来年の最低賃金の引上げ率は、今年の5.1%と似た水準だ。5年間で最低賃金が41.6%も上がったうえ、ウクライナ戦争などの影響で、原材料や食材価格が高騰し、困難に直面している中小企業や自営業者の事情を考慮すれば、物価上昇を大きく上回る引き上げは難しい状況だ。最低賃金の上昇は、上位賃金労働者の連鎖的賃金引き上げ要求にもつながる。このため、政府の意見を事実上代弁する公益委員らが、韓国銀行の消費者物価の上昇率予測値の4.5%より少し高く、1時間当り1万ウォン台を超えない水準で決定したものと見られる。

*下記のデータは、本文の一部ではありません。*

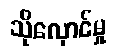
သိုလှောင်မှု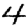
Digit: 4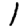
Digit: 1

物価高騰で賃上げ要因が生じたのは事実だ。しかし、5%引き上げさえ耐え難い事業者が多いというのが問題だ。5人未満の事業所3ヶ所に1ヶ所は、職員に最低賃金すら払えない状態だ。刑事処罰を受けるかもしれないのに、支給する能力がないのだ。週5日、15時間以上働く時に一日分をさらに与える週休手当てまで含めれば、来年の実質最低賃金は1時間当り1万1555ウォンになる。1週当り「14.9時間」に細かく分けた超短期雇用がさらに増える可能性が高い。

数年間にわたり、他の先進国より急激に上昇した最低賃金は、職員を解雇して一人で働く「独り社長」の増加など、多くの副作用を招いてきた。他方では、最低賃金が上がると、職員がサービス業種に抜け出した影響で、造船業者などの製造業者の人手不足が深刻になっている。会社員の昼食価格が上がる「ランチフレーション」は、今回の最低賃金の上昇でさらに激しくなるだろう。

物価上昇と景気低迷に同時に見舞われるスタグフレーションの危機の中で、最低賃金の引き上げの衝撃に対処する道は、企業と労働者が協力して生産性を引き上げることだけだ。未曾有の「経済ハリケーン」が迫っているのに、労使が賃金争いだけを続けるならば、企業は不良化し、働き口は減る悪循環に陥ることになる。今回の最低賃金の議論から除外された業種別差別化や、他の先進国にない週休手当て制の廃止など、賃金制度の改善作業にもやはり拍車をかけなければならない。